Afbeelding
Foto: Trudy Kunz

Zwaaien

Column

Mijn vriendin zwaait naar koeien.

Toch is ze zeer goed bij haar hoofd. Haar afwijking - zoals ik het noem - heeft ze te danken aan een leven tussen beton en asfalt. Ze is een geboren en getogen stedeling. Haar kennis van de dierenwereld is blijven steken in het onderscheid maken tussen vetgevoerde stadsduiven en huismussen.

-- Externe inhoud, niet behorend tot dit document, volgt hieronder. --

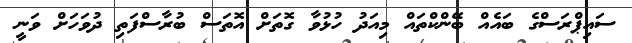
ސައިޕްރަސްގެ ބައެއް ބޭންކްތައް މިއަދު ހުޅުވާ ގޮތަށް އޮތަސް ބުރާސްފަތި ދުވަހަށް ވަނީ
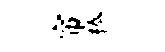
帘榛
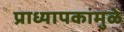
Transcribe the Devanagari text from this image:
प्राध्यापकांमुळे
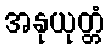
အနုယုတ္တံ
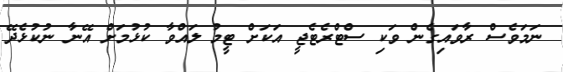
ނަމަވެސް ރާވައިގެން ވަކި ސްޓްރެޓެޖީ އަކަށް ޓީމު ލައްވާ ކުޅުމަށް އޭނާ ނުކުޅެދޭ
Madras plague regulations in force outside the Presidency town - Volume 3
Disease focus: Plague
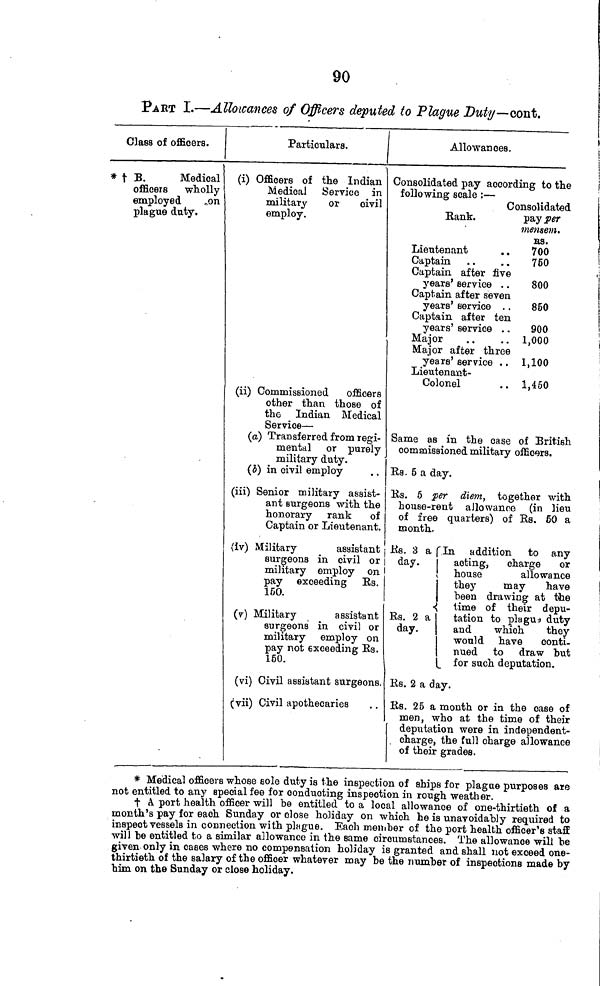
90
PAKT I.—Allowances of Officers deputed to Plague Duty—coni.
Class of officers.
* t B.
Medical
officers
wholly
employed
».on
plague duty.
Particulars.
(i) Officers of the Indian
Medical Service in
military
or
civil
employ.
(ii) Commissioned
officers
other than those of
the Indian Medical
Service — •
(a) Transferred from regi-
mental or purely
military duty.
(¿) in civil employ
(iii) Senior military assist-
ant surgeons with the
honorary rank of
Captain or Lieutenant.
(iv) Military
assistant
surgeons in civil or
military employ on
pay exceeding Es.
150.
(v) Military
assistant
surgeons in civil or
military employ on
pay not exceeding Bs.
150.
(vi) Civil assistant surgeons,
(vii) Civil apothecaries
Allowances.
Consolidated pay according to the
following scale : —
Consolidated
Bank.
payíw
mensem.
BS.
Lieutenant
. . 700
Captain
. .
. . 760
Captain after five
years' service . . 800
Captain after seven
years' service . . 850
Captain after ten
years' service . . 900
Major
..
.. 1,000
Major after three
years' service . . 1,100
Lieutenant-
Colonel
. . 1,450
Same as in the case of British
comaaissioned military officers.
Bs. 5 a day. J
Bs. 5 per diem, together with
house-rent allowance (in lieu
of free quarters) of Bs. 60 a
month.
Ks. 3 a fin addition to any
day. 1 acting,
charge
or
! house
allowance
they
may
have
been drawing at ttie
•( time of their depu-
Bs. 2 a
tation to plague duty
day.
and
which
they
would have
conti-
nued to draw but
L for such deputation.
Bs. 2 a day.
Bs. 25 a month or in the case of
men, who at the time of their
deputation were in independent-
charge, the full charge allowance
of their grades.
* Medical officers whose sole duty is the inspection of ships for plague purposes are
not entitled to any special fee for conducting inspection in rough weather.
t A. port health officer will he entitled to a local allowance of one-thirtieth of a
month's pay for each Sunday or close holiday on which he is unavoidably required to
inspect vessels in connection with pingue. Each member of the port health officer's staff
will be entitled to a similar allowance in the same circumstances. The allowance will be
given only in cases where no compensation holiday is granted and shall not exceed one-
thirtieth of the salary of the officer whatever may be the number of inspections made by
him on the Sunday or close holiday.
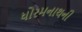
ધોરમનાથની
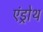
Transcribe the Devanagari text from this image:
एंड्रोथ
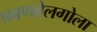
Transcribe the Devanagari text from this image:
श्रवणवेलगोला
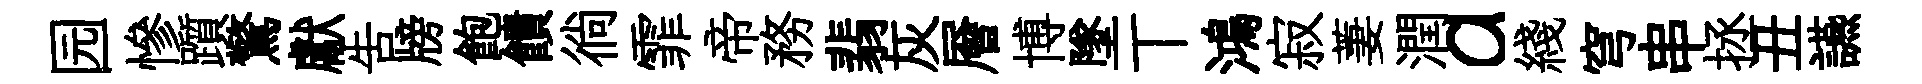
园慘躓驚獻告牓飽饋徜霏帝務翡灰層博墜丅鴻寂萋潤a綫穹串拯丑讌
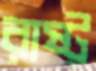
রাষ্ট্
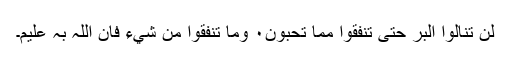
لَنْ تَنَالُوا الْبِرَّ حَتّٰى تُنْفِقُوْا مِمَّا تُحِبُّوْنَ۰ۥۭ وَمَا تُنْفِقُوْا مِنْ شَيْءٍ فَاِنَّ اللہَ بِہٖ عَلِيْمٌ۔
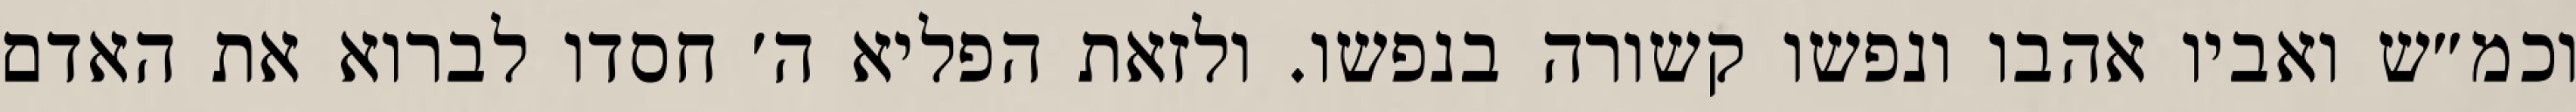
וכמ״ש ואביו אהבו ונפשו קשורה בנפשו. ולזאת הפליא ה׳ חסדו לברוא את האדם
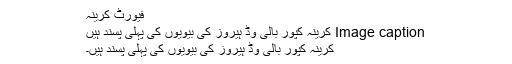
فیورٹ کرینہ
Image caption کرینہ کپور بالی وڈ ہیروز کی بیویوں کی پہلی پسند ہیں
کرینہ کپور بالی وڈ ہیروز کی بیویوں کی پہلی پسند ہیں۔
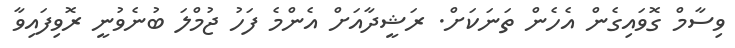
ވިސާމް ގޮވައިގެން އެހެން ތަނަކަށް. ރަޝީދާއަށް އެންމެ ފަހު ޖުމްލަ ބުނެވުނީ ރޮވިފައިވާ
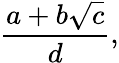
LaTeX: {\frac{a+b{\sqrt{c}}}{d}},
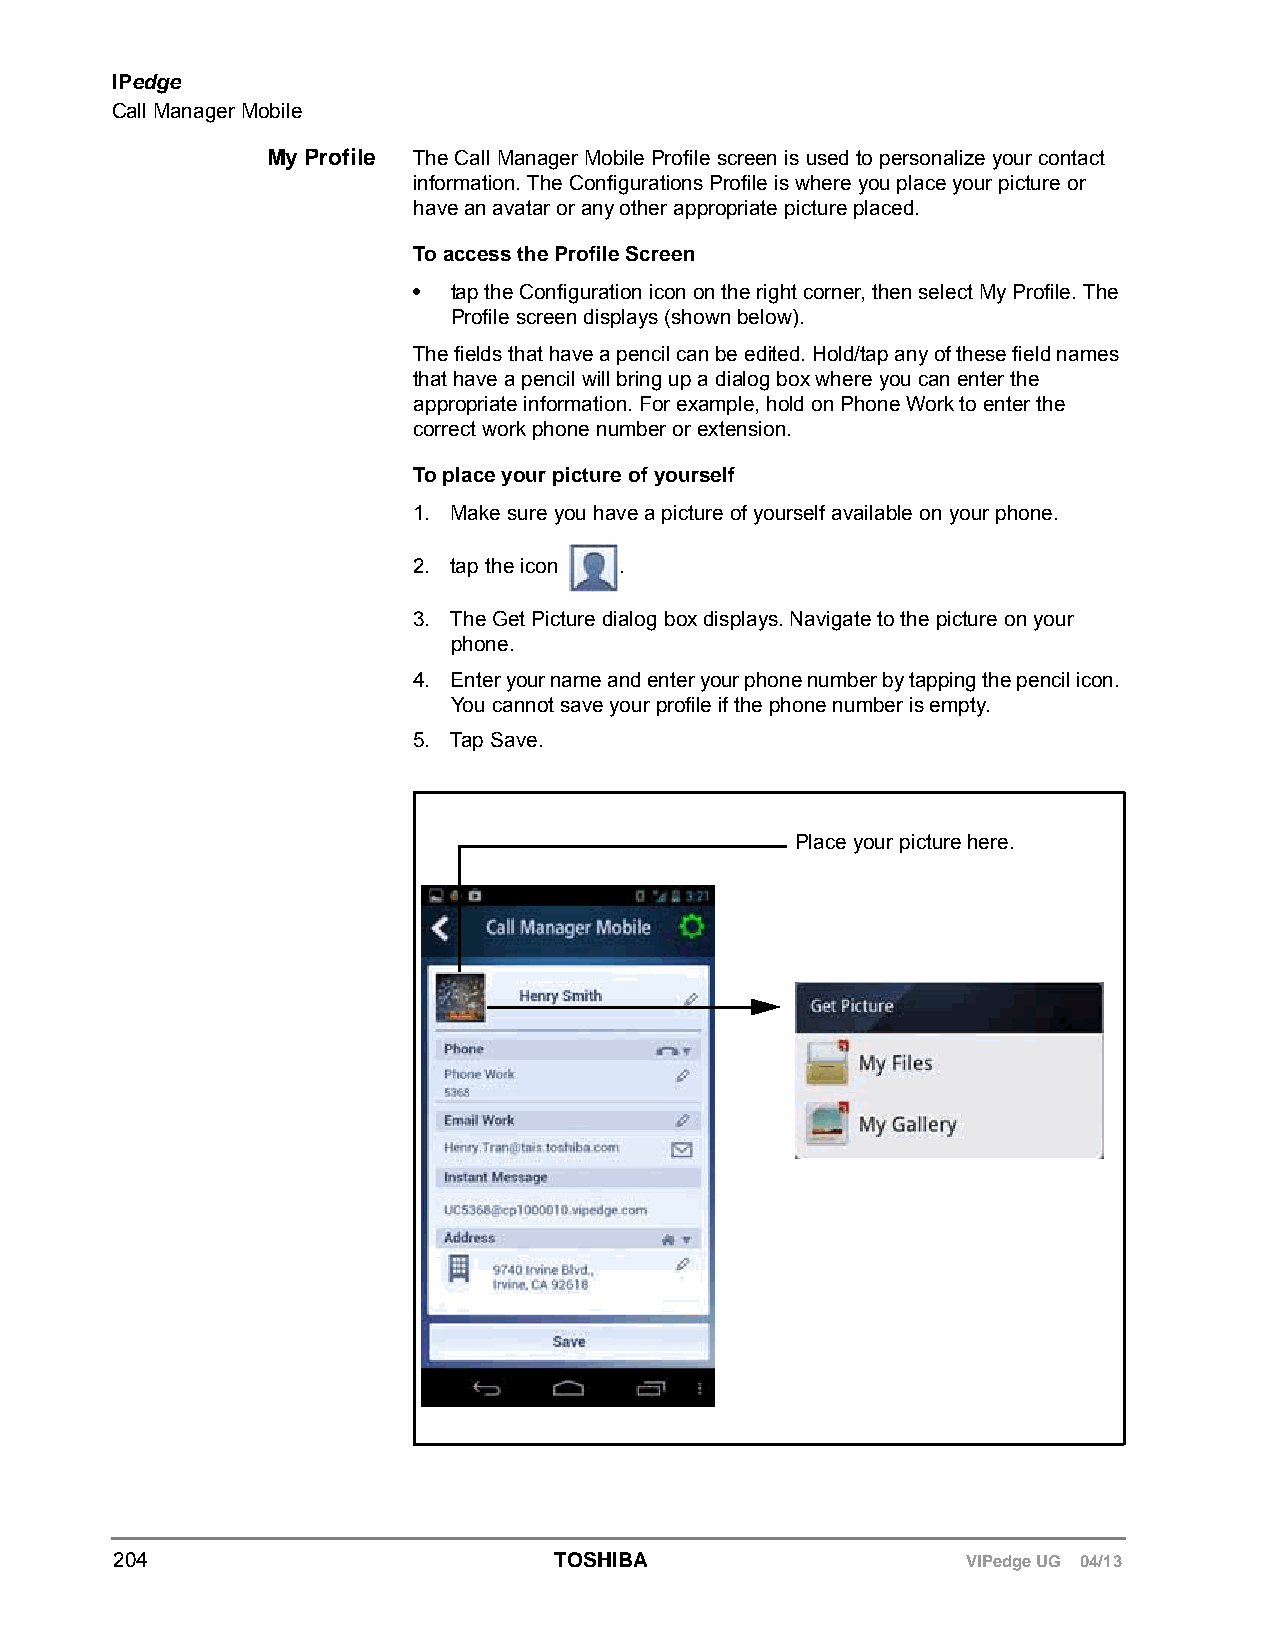
IPedge
 Call Manager Mobile
 My Profile The Call Manager Mobile Profile screen is used to personalize your contact
 information. The Configurations Profile is where you place your picture or
 have an avatar or any other appropriate picture placed.
 To access the Profile Screen
 •  tap the Configuration icon on the right corner, then select My Profile. The
 Profile screen displays (shown below).
 The fields that have a pencil can be edited. Hold/tap any of these field names
 that have a pencil will bring up a dialog box where you can enter the
 appropriate information. For example, hold on Phone Work to enter the
 correct work phone number or extension.
 To place your picture of yourself
 1. Make sure you have a picture of yourself available on your phone.
 2. tap the icon .
 3. The Get Picture dialog box displays. Navigate to the picture on your
 phone.
 4. Enter your name and enter your phone number by tapping the pencil icon.
 You cannot save your profile if the phone number is empty.
 5. Tap Save.
 Place your picture here.
 204                          TOSHIBA                    VIPedge UG 04/13

Dus kijkt ze haar ogen uit op mijn platteland. Koeien, paarden, schapen en varkens zijn voor haar grote knuffels van vlees en bloed. Wezens om mee te communiceren, niet om te slachten of te melken.

Ik heb zoiets in Den Haag, waar zij resideert. Maar dan met mensen. Politici om precies te zijn. Mijn vriendin kijkt niet op als Mark Rutte voorbijfietst. Ik wel. “Kijk, onze minister-president”, zeg ik. “Ach, die fietst hier zo vaak”, antwoordt ze met het dedain van een stadsnuf. “Daar om de hoek is zijn favoriete supermarkt, daarnaast woont zijn moeder.”

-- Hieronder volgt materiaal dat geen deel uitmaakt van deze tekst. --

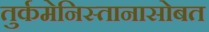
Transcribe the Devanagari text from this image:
तुर्कमेनिस्तानासोबत
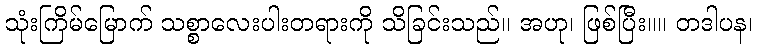
သုံးကြိမ်မြောက် သစ္စာလေးပါးတရားကို သိခြင်းသည်။ အဟု၊ ဖြစ်ပြီး။။ တဒါပန၊
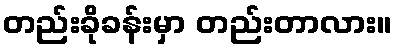
တည်းခိုခန်းမှာ တည်းတာလား။
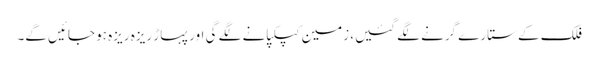
فلک کے ستارے گرنے لگے گئیں، زمین کپکپانے لگے گی اور پہاڑ ریزہ ریزہ ہو جائیں گے۔
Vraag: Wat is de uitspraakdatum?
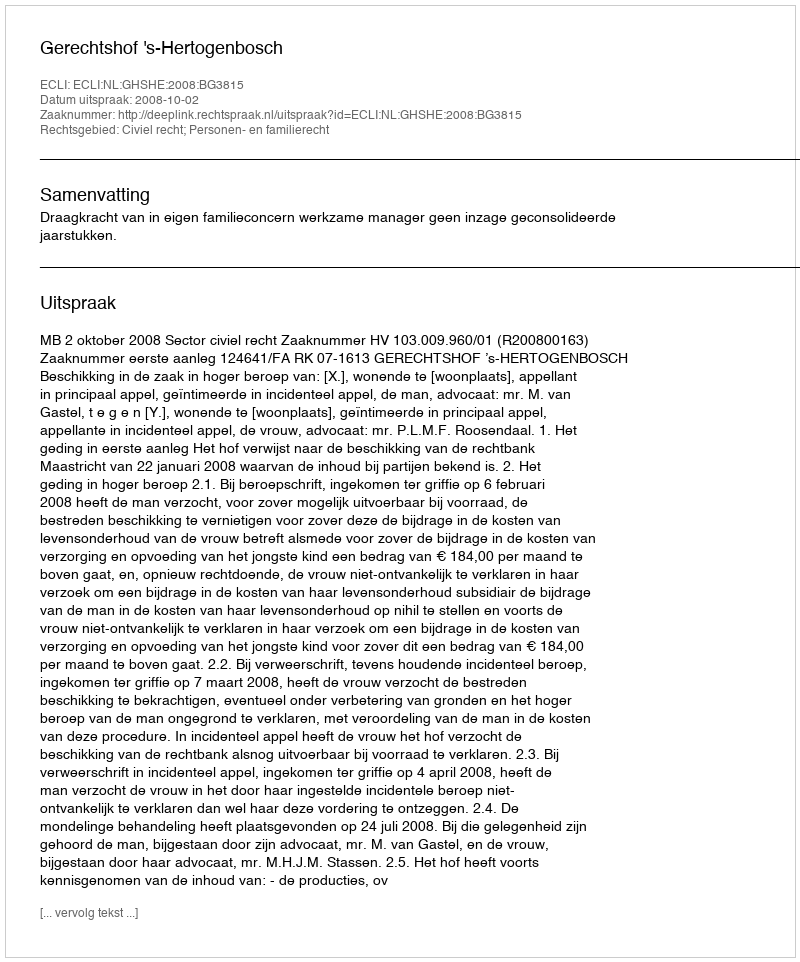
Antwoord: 2008-10-02
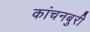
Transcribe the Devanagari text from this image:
कांचनबुरी
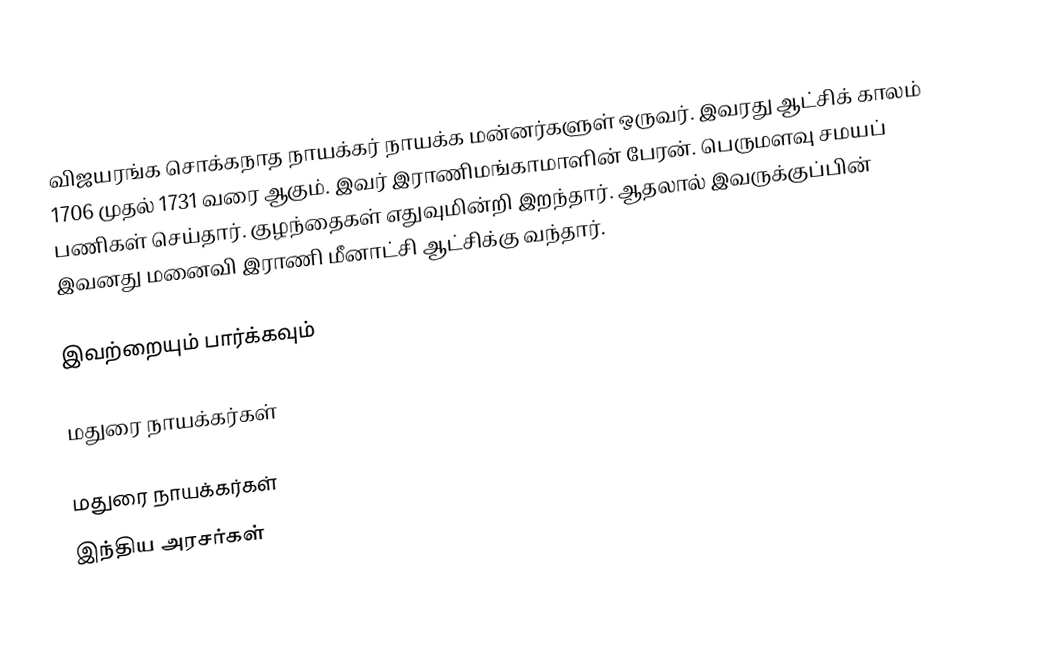
விஜயரங்க சொக்கநாத நாயக்கர் நாயக்க மன்னர்களுள் ஒருவர். இவரது ஆட்சிக் காலம் 1706 முதல் 1731 வரை ஆகும். இவர் இராணிமங்காமாளின் பேரன். பெருமளவு சமயப் பணிகள் செய்தார். குழந்தைகள் எதுவுமின்றி இறந்தார். ஆதலால் இவருக்குப்பின் இவனது மனைவி இராணி மீனாட்சி ஆட்சிக்கு வந்தார்.

இவற்றையும் பார்க்கவும்

 மதுரை நாயக்கர்கள்

மதுரை நாயக்கர்கள்
 இந்திய அரசர்கள்
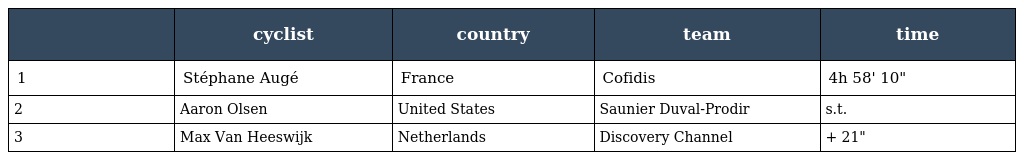
|  | cyclist | country | team | time |
 | --- | --- | --- | --- | --- |
 | 1 | Stéphane Augé | France | Cofidis | 4h 58' 10" |
 | 2 | Aaron Olsen | United States | Saunier Duval-Prodir | s.t. |
 | 3 | Max Van Heeswijk | Netherlands | Discovery Channel | + 21" |
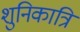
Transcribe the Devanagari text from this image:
शुनिकात्रि
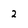
Character: 2
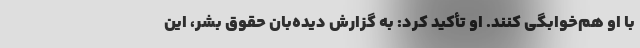
با او هم‌خوابگی کنند. او تأکید کرد: به گزارش دیده‌بان حقوق بشر، این
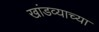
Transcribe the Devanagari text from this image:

Dat vind ik dan weer bijzonder. Ik wil naar onze Grote Leider zwaaien, maar mijn vriendin weerhoudt mij daarvan. “Niet doen”, sist ze. “Laat die man met rust, die heeft het al zwaar genoeg.”

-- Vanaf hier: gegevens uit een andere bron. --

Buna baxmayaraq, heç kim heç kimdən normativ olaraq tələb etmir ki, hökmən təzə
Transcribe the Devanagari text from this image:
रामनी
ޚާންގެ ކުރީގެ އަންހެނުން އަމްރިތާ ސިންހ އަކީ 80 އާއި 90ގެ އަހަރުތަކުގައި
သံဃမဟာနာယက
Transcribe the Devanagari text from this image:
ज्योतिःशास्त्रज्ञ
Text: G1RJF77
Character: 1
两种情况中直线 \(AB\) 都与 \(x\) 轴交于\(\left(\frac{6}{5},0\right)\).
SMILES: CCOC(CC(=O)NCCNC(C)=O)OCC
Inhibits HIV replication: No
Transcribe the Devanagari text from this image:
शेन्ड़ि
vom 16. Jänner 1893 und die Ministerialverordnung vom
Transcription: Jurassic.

Even later zitten we aan de lunch in een gezellig eetcafé op het Plein als Henk Krol en Geert Dales binnenstormen. Ik vang woorden op als “We moeten ze lozen”, en “Hij is een Nagel aan mijn doodskist.”

Ik begrijp dat ik getuige ben van de laatste stuiptrekkingen van 50Plus. Van een moment dat ooit in de geschiedenisboeken zal staan.

Als ze vertrekken zwaai ik ze enthousiast uit.

Mijn vriendin kijkt me verbaasd aan en vraagt: “Als jij naar politici mag zwaaien, waarom mag ik dat dan niet naar koeien doen?”